Le contraire de l’avachissement n’est pas le guinderie, c’est l’élégance. Et l’élégance n’est jamais guindée, ostentatoire. Le dandy, mixte d’épicurien et de stoïcien, a horreur de l’épate et n’aime rien tant que passer inaperçu.

L’élégance a son prix, et un esthète fauché ne peut certes pas rendre chaque semaine visite à son tailleur, mais une garde-robe masculine n’a pas besoin d’être surabondante : quelques vêtements de qualité (et donc inusables) suffisent. A thing of beauty is a joy for ever, et c’est pourquoi nous aimons, de temps à autre, casser notre tirelire et pousser la porte de notre tailleur pour nous offrir le gilet, ou l’imperméable, ou le costume, de nos rêves.

Gabriel Matzneff


Le Prince de Galles

18 novembre 2009

Non, cet article ne sera pas une extension de Point de Vue – Images du mondes, mais il parlera simplement de ce tissu qui porte le nom de Prince de Galles, cette étoffe si chère aux esthètes de l’habillement. Inventé à Londres vers la fin du XIXème siècle par Charles Redfem, il fut adopté par le futur Edouard VII, prince de Galles, pour ses tenues de voyage. Il lança alors Redfem qui baptisa sa création du nom de son royal client!

schéma de larmure prince de galles, simple et fenêtrée

Dans les faits, le motif du prince de Galles est basé sur les carreaux, faits de jeux de lignes horizontales et verticales qui se croisent à des intervales réguliers dans des nuances voisines du blanc au gris foncé sur un fond gris clair. Quelque fois, ce motif de base est surcoupé d’un mince filet rouge ou bleu, on parle alors de prince de Galles à carreaux-fenêtres.
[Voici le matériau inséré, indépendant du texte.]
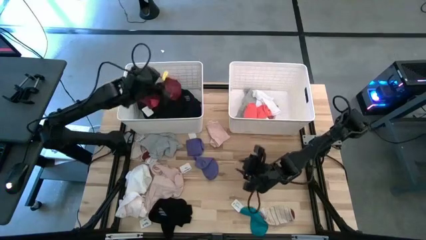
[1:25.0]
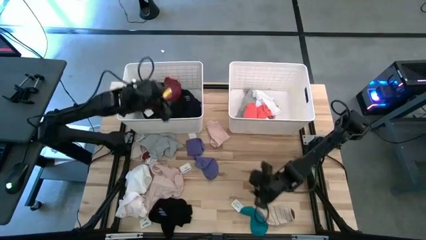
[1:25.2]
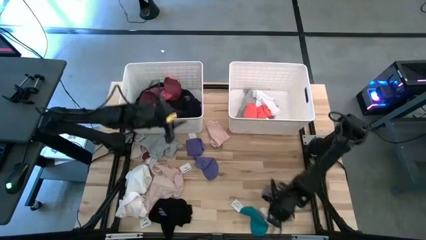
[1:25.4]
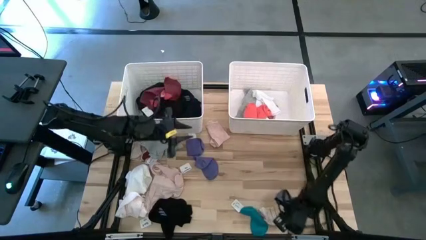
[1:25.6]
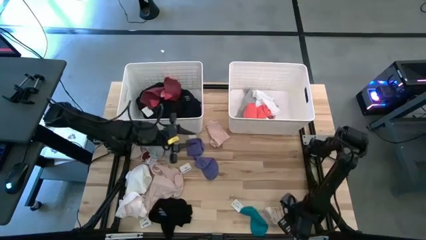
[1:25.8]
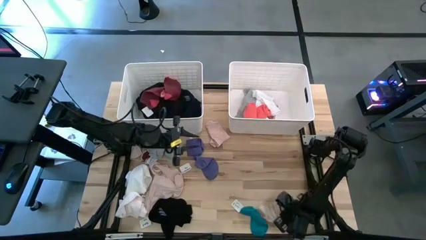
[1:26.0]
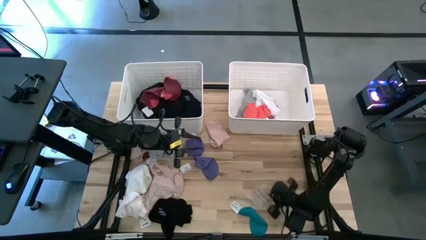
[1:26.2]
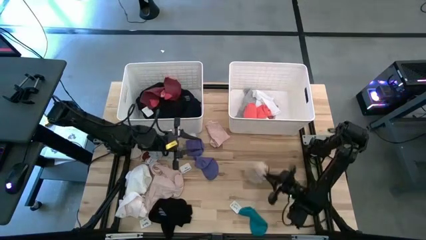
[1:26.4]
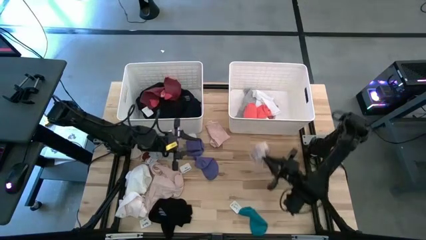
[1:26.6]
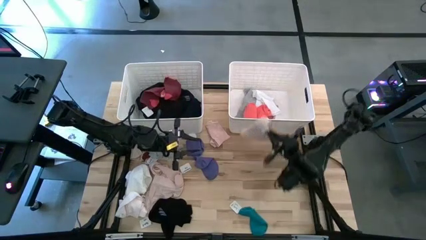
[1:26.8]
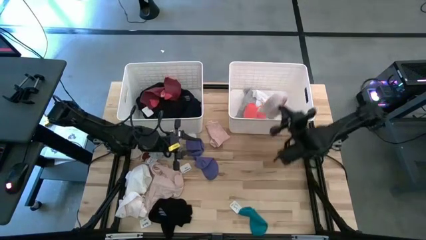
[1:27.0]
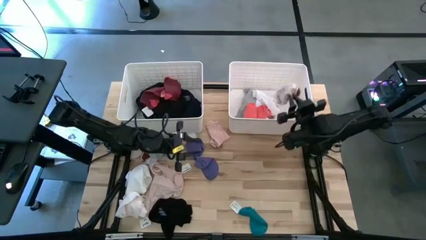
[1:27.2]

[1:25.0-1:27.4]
Task: Sort clothes
Put the gray patterned sock into the right white laundry bin

Il diffère du dessin écossais qui lui est généralement fait de nuances vives.

Ce motif est généralement réalisé en croisé 2 et 2 qui présente un quadrillage, souvent contrasté ou plus marqué, qui se superpose sur une armure pied-de-poule. A ce sujet, le pied-de-poule est une armure toile qui présente un visuel d’armure sergé (en diagonale). Le pied-de-poule est un tissu croisé 2 et 2 formé de deux fils de couleurs différentes en chaîne et en trame. Le dessin en forme de damier empietant, caractéristique du tissu pied-de-poule est obtenu par le rythme des effets de chaînes et des effets de trame, associé à une alternance régulière des fils de couleur, en chaîne et en trame. Les motifs gros pied-de-poule sont appelés pied-de-coq.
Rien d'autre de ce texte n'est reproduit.